[Collection entries]
----
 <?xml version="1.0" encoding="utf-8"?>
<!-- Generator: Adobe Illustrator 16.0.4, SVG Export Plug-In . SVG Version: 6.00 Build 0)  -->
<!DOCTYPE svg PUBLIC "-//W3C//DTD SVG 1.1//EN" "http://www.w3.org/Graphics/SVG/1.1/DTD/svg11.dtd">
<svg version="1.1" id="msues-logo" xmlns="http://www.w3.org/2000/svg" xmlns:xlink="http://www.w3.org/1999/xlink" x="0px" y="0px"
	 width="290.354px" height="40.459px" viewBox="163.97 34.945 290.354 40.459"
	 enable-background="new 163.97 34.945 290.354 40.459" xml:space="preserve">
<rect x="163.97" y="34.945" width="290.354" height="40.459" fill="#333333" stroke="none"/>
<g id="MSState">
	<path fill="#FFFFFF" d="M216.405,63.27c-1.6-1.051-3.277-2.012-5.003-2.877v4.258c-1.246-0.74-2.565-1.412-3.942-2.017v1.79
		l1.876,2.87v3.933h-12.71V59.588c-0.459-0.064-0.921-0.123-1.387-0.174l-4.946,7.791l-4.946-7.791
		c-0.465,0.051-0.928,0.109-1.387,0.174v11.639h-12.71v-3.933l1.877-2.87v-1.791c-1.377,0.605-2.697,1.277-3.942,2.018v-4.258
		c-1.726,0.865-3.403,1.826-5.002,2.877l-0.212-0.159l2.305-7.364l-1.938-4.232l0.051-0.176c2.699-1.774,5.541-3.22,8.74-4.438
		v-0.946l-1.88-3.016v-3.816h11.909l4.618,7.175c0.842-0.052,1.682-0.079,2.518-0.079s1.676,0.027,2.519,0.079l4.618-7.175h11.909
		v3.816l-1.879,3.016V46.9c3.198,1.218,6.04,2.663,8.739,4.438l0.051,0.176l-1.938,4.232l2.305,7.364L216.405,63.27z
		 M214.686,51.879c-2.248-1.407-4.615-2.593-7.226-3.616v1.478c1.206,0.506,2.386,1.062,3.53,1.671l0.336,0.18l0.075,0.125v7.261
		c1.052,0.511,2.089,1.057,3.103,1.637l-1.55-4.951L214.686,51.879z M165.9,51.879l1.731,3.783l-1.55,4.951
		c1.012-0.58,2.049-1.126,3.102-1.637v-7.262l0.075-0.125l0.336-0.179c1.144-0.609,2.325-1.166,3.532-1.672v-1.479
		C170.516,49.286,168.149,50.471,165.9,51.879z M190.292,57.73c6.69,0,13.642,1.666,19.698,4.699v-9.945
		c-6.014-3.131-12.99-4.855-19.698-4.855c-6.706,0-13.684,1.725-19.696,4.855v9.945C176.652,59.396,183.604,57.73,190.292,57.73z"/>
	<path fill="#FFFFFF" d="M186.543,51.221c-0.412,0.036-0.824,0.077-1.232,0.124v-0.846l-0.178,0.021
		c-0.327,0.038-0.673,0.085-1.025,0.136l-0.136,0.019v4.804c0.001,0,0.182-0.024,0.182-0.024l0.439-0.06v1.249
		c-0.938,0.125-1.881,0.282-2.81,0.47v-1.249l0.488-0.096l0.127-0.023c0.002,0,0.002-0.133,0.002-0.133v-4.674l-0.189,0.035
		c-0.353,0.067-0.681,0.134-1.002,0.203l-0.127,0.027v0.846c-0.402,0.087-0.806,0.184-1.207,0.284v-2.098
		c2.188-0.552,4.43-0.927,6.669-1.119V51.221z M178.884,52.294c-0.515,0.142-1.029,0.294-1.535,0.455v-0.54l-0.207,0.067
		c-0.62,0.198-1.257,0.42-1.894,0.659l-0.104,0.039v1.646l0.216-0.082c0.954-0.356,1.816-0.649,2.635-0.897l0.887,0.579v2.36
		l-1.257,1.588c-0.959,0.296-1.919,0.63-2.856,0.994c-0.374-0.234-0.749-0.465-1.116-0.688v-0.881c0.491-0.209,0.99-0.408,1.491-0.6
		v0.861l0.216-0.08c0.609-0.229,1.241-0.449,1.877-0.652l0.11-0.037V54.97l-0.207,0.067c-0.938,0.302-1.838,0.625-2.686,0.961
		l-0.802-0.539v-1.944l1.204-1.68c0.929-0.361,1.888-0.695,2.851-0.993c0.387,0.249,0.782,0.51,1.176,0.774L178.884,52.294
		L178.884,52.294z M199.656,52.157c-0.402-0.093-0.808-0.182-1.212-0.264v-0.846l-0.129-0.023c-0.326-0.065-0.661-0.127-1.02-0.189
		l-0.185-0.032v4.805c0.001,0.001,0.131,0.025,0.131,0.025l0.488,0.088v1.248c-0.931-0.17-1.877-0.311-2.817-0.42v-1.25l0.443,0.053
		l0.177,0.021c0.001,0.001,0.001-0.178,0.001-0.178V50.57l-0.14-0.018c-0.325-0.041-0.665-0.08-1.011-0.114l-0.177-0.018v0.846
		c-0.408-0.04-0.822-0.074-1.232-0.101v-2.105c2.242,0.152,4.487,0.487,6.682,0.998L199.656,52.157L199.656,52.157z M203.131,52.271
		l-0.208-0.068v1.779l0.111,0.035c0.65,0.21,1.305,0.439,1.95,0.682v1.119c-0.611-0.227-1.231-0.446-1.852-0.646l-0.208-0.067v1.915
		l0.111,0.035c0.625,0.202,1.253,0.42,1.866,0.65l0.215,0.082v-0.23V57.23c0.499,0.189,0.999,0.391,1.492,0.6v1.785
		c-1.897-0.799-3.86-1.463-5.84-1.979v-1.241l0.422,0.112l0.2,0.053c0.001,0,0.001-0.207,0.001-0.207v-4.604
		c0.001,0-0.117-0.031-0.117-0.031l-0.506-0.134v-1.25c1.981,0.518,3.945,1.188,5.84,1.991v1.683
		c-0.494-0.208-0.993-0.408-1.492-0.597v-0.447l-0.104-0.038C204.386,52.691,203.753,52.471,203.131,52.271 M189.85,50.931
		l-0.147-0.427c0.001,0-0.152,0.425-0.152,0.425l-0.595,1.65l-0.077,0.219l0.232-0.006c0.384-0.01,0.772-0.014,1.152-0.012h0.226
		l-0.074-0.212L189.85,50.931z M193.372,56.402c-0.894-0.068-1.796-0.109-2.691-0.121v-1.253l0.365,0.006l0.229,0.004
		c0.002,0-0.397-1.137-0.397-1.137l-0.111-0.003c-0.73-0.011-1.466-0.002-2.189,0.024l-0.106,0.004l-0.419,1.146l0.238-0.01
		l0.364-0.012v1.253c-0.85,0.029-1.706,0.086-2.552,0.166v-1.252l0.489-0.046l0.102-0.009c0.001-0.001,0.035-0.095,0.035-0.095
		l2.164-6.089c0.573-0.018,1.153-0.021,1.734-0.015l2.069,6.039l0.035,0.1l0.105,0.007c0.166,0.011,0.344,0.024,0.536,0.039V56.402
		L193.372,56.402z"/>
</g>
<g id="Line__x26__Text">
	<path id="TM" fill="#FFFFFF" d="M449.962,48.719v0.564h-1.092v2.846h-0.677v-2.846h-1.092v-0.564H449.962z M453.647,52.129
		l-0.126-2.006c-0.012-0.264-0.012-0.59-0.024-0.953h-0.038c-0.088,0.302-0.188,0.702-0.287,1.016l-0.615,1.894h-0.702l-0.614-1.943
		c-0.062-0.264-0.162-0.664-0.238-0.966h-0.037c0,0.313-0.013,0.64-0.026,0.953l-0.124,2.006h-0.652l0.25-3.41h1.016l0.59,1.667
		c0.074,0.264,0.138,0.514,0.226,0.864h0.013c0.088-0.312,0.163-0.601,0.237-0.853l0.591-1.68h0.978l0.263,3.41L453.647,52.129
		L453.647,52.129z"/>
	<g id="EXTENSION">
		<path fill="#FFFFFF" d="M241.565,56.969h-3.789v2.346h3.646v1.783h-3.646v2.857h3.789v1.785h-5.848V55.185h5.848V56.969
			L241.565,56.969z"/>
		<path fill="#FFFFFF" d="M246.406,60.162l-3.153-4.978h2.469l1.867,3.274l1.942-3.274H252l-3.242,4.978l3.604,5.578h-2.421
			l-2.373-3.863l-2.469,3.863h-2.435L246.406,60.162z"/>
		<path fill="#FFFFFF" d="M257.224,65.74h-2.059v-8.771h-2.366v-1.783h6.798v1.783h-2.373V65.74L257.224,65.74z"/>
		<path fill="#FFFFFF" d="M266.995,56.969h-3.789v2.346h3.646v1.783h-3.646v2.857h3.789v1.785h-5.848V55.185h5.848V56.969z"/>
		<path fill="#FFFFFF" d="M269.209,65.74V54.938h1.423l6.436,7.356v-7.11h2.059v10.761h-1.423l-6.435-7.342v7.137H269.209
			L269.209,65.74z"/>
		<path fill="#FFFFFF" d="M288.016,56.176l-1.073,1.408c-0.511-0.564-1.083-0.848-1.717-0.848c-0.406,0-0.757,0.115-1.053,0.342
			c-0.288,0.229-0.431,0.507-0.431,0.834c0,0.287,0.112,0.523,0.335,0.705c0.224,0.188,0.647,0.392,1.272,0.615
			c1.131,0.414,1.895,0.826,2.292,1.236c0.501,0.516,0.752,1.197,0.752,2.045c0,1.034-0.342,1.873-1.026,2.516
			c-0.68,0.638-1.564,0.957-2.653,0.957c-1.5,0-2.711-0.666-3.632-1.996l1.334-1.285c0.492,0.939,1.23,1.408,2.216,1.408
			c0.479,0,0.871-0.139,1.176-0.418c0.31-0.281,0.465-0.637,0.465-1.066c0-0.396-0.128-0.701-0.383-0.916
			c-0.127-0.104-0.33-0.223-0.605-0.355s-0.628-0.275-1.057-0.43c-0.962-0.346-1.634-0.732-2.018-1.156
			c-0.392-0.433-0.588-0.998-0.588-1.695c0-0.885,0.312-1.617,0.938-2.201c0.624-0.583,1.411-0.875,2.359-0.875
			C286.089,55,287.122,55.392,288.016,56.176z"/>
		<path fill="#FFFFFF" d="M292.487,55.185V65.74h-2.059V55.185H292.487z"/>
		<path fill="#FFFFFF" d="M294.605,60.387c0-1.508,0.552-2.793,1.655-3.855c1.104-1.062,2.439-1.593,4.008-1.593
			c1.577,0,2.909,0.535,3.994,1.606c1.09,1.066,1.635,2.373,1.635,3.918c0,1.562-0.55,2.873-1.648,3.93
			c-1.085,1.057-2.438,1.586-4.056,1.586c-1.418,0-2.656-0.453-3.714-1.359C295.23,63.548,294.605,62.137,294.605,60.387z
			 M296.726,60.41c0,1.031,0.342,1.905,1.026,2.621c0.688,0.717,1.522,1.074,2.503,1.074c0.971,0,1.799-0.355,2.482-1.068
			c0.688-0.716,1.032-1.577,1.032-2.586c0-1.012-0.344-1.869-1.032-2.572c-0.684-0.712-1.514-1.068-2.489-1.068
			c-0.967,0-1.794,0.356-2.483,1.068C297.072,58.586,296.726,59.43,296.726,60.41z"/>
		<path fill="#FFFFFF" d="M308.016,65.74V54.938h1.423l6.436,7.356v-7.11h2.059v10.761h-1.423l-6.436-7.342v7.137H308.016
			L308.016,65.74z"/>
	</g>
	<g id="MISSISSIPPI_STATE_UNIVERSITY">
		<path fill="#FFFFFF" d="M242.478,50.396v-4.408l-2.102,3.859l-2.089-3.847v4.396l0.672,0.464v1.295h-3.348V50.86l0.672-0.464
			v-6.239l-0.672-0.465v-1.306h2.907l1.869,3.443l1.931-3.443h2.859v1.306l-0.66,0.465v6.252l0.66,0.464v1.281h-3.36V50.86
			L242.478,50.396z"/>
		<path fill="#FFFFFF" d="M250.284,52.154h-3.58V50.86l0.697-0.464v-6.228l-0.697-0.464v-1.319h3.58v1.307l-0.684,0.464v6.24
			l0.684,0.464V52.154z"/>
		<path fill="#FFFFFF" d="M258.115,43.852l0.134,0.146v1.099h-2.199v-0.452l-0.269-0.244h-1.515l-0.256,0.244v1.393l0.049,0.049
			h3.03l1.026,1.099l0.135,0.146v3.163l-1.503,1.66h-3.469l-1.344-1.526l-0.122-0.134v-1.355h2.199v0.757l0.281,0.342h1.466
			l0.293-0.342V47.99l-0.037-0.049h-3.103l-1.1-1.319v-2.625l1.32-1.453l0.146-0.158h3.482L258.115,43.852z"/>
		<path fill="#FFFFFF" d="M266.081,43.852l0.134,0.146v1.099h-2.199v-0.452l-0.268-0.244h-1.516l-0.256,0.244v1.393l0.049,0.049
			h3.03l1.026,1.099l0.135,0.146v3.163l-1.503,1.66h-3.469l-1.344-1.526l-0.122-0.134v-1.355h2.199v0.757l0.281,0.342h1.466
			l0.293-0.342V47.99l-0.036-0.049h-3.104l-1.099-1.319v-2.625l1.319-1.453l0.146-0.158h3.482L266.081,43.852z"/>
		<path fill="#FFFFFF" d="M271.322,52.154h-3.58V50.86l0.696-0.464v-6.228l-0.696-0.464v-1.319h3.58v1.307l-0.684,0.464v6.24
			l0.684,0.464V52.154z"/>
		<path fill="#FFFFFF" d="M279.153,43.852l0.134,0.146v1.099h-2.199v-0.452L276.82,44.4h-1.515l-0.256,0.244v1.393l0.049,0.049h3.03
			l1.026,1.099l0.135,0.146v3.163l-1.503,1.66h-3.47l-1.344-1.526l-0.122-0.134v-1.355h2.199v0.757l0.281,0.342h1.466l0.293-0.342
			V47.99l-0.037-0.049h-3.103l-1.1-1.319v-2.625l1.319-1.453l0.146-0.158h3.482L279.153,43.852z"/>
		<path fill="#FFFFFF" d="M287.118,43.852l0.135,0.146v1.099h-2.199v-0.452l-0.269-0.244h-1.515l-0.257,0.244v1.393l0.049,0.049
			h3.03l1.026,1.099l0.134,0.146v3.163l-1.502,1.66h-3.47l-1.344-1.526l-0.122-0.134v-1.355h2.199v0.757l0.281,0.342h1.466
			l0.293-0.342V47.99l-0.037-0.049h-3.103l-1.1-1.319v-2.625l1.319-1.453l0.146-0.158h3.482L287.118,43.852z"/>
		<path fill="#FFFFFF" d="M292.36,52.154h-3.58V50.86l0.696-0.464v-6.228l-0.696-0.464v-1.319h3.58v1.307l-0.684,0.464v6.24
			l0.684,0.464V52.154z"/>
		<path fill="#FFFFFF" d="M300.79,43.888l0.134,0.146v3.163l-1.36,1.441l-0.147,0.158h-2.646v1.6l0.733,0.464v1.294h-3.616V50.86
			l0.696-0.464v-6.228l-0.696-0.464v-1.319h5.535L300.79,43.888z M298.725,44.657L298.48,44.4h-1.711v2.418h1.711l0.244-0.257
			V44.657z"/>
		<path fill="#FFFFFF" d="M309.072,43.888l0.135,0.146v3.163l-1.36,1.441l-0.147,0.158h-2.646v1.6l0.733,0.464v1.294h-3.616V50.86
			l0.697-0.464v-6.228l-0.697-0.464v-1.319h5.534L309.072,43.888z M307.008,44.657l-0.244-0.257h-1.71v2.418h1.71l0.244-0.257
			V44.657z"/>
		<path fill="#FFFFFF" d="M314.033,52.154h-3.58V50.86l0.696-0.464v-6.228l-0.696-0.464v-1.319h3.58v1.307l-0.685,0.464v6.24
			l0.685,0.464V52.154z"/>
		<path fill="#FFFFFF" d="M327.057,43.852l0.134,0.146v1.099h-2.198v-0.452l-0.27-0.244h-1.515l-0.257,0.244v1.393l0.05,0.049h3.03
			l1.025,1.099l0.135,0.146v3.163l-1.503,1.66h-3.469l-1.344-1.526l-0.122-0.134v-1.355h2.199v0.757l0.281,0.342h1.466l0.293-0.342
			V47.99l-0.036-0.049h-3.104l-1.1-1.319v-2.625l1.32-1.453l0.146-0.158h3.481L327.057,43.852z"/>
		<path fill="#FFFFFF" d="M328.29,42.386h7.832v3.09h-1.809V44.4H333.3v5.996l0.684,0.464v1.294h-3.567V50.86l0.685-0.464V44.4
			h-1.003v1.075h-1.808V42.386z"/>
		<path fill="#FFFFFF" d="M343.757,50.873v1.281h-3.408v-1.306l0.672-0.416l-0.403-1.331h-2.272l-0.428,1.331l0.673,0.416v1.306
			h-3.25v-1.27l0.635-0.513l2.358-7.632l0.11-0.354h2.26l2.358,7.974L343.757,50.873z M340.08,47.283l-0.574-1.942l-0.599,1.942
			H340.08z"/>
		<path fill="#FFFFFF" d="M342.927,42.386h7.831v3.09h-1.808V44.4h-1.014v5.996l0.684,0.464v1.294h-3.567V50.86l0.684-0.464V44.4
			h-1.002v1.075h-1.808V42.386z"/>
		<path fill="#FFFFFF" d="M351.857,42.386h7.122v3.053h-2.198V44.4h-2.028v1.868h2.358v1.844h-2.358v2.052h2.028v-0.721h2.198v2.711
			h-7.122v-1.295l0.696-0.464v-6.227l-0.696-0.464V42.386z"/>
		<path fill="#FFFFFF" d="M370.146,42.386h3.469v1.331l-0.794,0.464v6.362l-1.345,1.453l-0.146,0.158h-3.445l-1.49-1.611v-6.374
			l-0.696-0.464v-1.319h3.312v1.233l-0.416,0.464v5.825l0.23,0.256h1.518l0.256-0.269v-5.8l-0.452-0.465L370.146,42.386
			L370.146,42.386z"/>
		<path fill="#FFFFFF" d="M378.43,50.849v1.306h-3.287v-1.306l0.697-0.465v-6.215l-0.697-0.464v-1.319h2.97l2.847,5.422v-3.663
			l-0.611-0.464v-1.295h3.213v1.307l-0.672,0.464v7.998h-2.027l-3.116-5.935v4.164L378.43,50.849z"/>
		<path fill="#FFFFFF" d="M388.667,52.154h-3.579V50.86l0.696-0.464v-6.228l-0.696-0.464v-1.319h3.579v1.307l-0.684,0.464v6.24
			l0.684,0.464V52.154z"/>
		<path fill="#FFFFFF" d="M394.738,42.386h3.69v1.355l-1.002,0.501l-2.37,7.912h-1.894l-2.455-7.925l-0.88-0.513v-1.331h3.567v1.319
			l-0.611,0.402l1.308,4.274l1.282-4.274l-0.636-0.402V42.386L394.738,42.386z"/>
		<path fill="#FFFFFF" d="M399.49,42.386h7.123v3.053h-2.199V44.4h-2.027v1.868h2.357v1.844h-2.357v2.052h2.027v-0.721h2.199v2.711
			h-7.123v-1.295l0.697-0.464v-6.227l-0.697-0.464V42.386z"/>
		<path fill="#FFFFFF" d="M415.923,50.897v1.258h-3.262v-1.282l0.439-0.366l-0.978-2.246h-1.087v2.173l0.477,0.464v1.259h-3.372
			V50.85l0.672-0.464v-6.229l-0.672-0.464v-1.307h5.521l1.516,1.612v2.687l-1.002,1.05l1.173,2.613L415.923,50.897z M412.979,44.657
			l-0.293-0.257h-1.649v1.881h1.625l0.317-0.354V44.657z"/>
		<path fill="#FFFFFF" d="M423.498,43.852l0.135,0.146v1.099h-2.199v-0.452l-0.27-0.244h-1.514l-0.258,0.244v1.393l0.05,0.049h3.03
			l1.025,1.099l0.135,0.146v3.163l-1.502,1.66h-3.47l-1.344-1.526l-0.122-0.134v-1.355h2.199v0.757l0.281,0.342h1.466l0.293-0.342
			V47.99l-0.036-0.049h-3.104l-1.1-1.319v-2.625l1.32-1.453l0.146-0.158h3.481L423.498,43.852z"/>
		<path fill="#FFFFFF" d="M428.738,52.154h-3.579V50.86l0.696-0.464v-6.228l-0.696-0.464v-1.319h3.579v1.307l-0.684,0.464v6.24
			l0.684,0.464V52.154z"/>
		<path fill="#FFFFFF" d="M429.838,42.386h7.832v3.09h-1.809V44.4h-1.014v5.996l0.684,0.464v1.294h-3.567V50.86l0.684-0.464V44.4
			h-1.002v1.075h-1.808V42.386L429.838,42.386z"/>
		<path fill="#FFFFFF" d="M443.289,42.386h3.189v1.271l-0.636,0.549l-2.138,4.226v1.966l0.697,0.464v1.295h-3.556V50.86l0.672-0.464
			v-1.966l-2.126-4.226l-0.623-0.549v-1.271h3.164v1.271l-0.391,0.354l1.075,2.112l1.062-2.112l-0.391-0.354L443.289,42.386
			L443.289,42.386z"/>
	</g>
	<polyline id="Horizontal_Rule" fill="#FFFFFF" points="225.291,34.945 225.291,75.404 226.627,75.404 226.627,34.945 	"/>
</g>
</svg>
----
=== What you should do ===
Locate the lines above that contain "height" and copy them.

=== Your solution ===
	 width="290.354px" height="40.459px" viewBox="163.97 34.945 290.354 40.459"
<rect x="163.97" y="34.945" width="290.354" height="40.459" fill="#333333" stroke="none"/>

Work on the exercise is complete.